Milk container recycling another reason to visit SARCAN

The opportunity to recycle milk containers is providing environmentally conscious individuals another reason to visit SARCAN.
Effective April 1, consumers began to be charged a recycling deposit fee on milk containers as these items were added to the provincial recycling program. People returning milk containers are now eligible to receive a deposit refund of 10 to 25 cents per container.
SARCAN has been taking milk containers for a dozen years on a voluntary basis, as there was previously no deposit on milk containers. The return rate on milk containers was only approximately 50 per cent, without the incentive of a refundable deposit. SARCAN has a return rate of approximately 90 per cent on items that consumers pay deposits on.
As a result of this low return rate, SARCAN had been lobbying to put milk containers on the deposit list for a number of years, explained Sydney Smith, Communications spokesperson for SARC/SARCAN Recycling.
“We are so thankful as a result because it means even more employment creation and more use of the SARCAN system because there is more and more reason to come back with your containers,” Smith said.
Now, with nearly all beverage containers bought in Saskatchewan eligible for deposit refunds, SARCAN is expecting an increase in business as recycling is now more lucrative.
“So we’re hoping that people, when they come through SARCAN now, they’re going to see a little bit more money in their pocket, which is always a good incentive to come to the Depot.”
Smith notes that the Swift Current Depot, which has been a part of the community since 1988, is a busy location because it serves as a recycling hub for surrounding communities.
“On average the Depot recycles about 10.2 million beverage containers a year, so it’s a phenomenal amount that comes through the doors every year. We’re just so proud of that number. It’s really high for the province – Swift Current’s one of the biggest depots in the province, because it serves such a wide area,” Smith said.
The recycling location, which is managed and operated by the Saskatchewan Abilities Council, Swift Current Branch, also provides meaningful employment in the community.
“There are a lot of organizations now that are starting to employ people of all abilities, and we think that is absolutely fantastic. It is really incredible to think that SARCAN has already been doing it for 30 years. Especially in Swift Current, there’s just so many long term employees that are part of the community that everybody knows.”
The SARCAN Depot is able to process individual returns, as well as bulk orders for workplaces, restaurants, bars and other businesses. In addition, they provide a popular fundraising opportunity through bottle drives.
“It’s a way for us to give back to the community,” she admitted. “Lots of sports organizations, clubs, Girl Guides and Boy Scouts, as well as church groups and grad committees – really any kind of fundraisers that are happening in the province.

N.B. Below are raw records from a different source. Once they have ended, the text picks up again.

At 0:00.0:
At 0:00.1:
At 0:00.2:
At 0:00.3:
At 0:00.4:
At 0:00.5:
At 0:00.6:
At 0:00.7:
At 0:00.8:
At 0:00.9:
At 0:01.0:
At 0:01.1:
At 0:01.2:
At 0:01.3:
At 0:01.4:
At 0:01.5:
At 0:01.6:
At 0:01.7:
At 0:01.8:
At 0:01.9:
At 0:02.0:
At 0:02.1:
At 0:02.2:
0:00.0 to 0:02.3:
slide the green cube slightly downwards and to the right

Bottle Drives are important fundraisers and it is a service for people who don’t have time to come down to the depot. Supporting bottle drives helps make sure that containers are getting recycled, plus the funds are helping a local cause.

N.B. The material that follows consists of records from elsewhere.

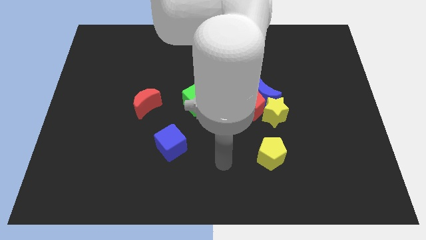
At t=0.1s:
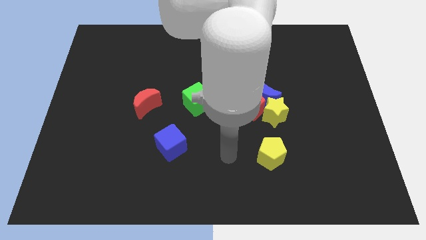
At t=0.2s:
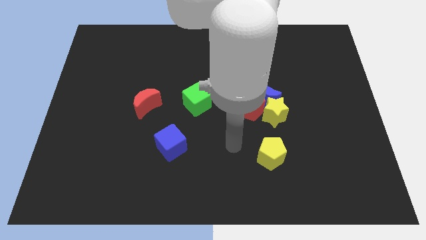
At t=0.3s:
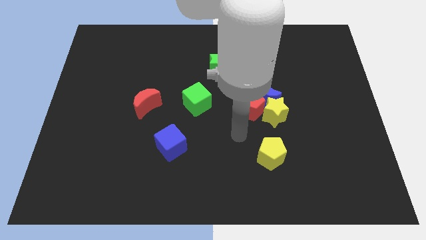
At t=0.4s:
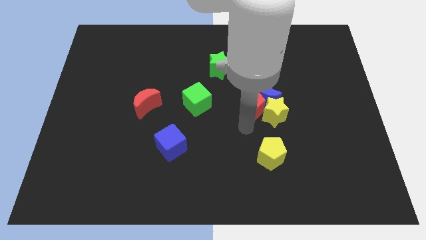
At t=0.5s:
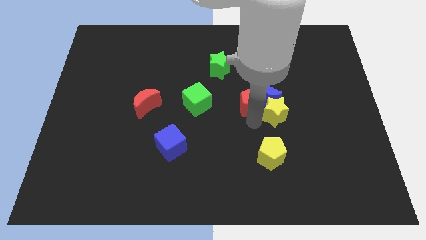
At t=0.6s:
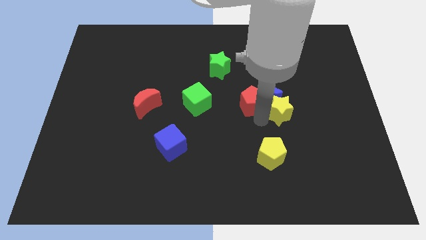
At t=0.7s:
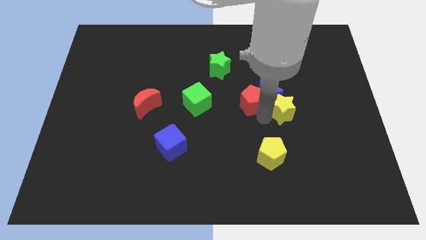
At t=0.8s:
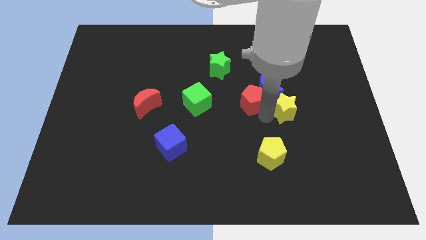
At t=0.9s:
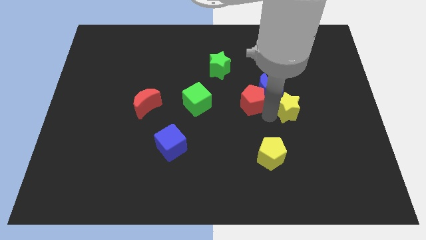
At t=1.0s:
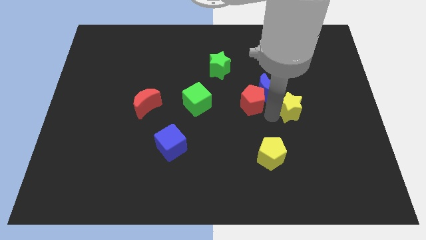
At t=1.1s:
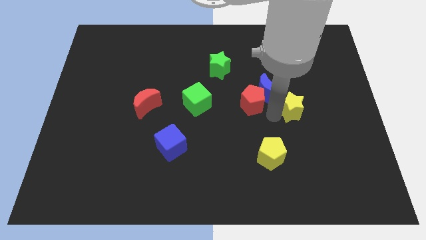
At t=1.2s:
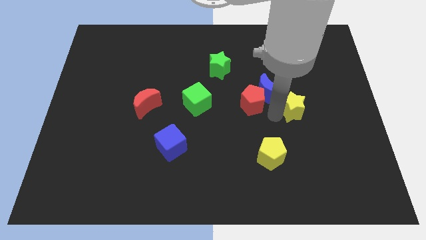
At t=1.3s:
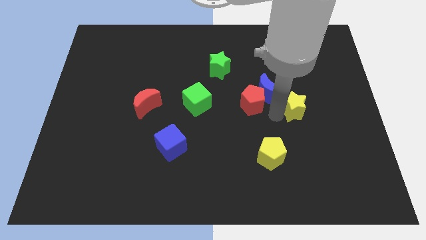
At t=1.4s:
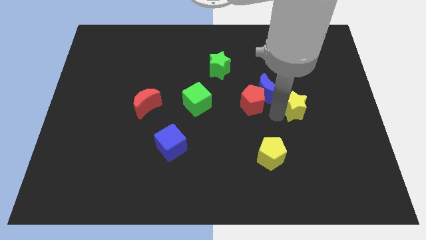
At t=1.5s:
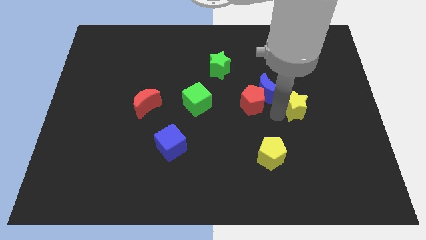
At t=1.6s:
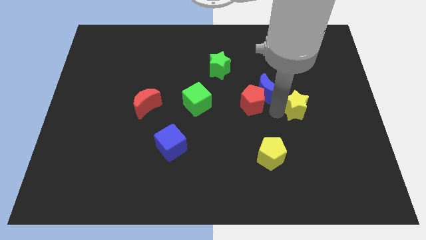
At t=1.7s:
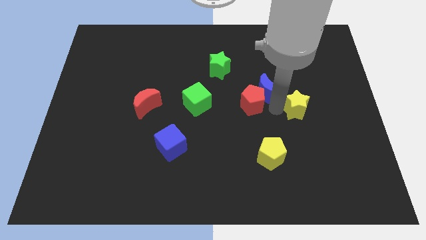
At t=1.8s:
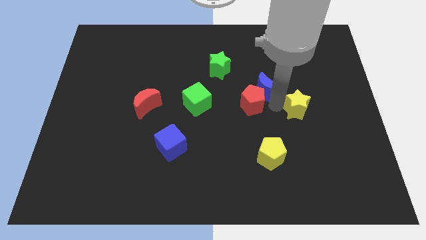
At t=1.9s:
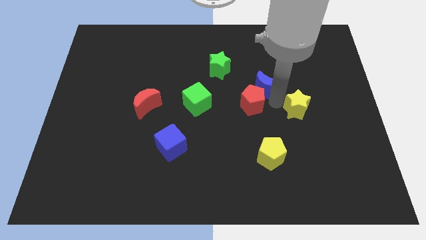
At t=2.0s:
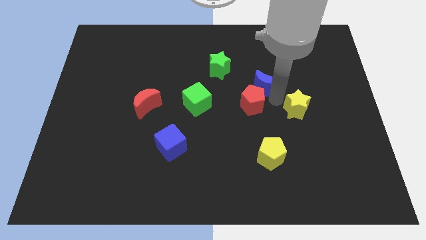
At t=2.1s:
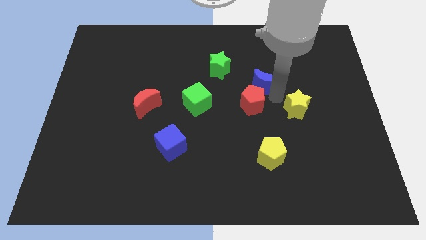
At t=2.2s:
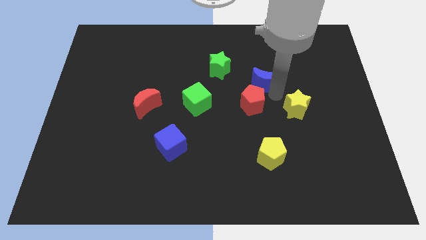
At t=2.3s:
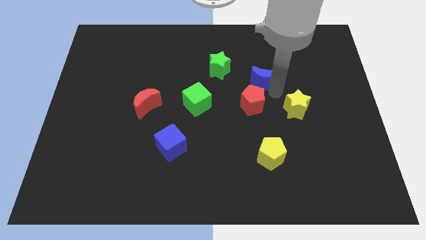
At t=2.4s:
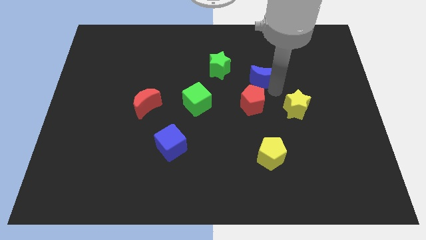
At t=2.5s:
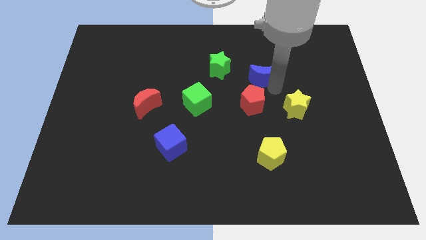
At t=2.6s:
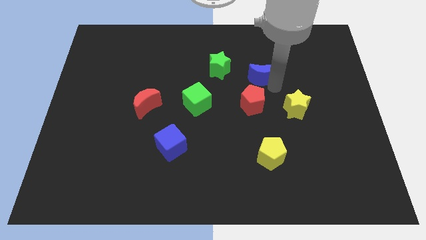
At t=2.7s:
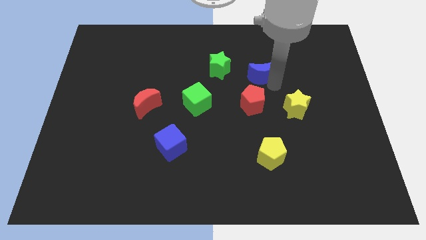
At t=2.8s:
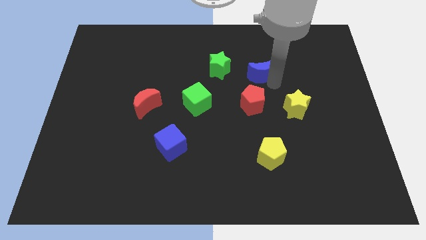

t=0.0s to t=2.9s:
separate the blue moon from the red pentagon and yellow star

“It’s a win, win for us, and for the community.”
Recycling is also a growing way people are able to help protect the environment.
“It’s really changing. When people think recycling, they think ‘good for the environment’ because material stays out of the landfill, which is true. But it’s not just that they’re out of the landfill, it’s that they’re reused and turned into really useful products.”
She specifically pointed to the recycling benefits of both glass and aluminum.
Aluminum, which operates as a closed loop recycling process, ensures recycled aluminum is reused in aluminum products as opposed to creating new aluminum.
“It’s not only that you manage to save all of the aluminum that you would have used, but it’s also 97.7 per cent more efficient to use aluminum again than to mine it,” she said. “It’s really, really good for the environment.”
SARCAN sends their clear glass to Potters Industries in Moose Jaw, where it is recycled and turned into highway safety marking glass beads which is utilized across the province to enhance night time driving conditions.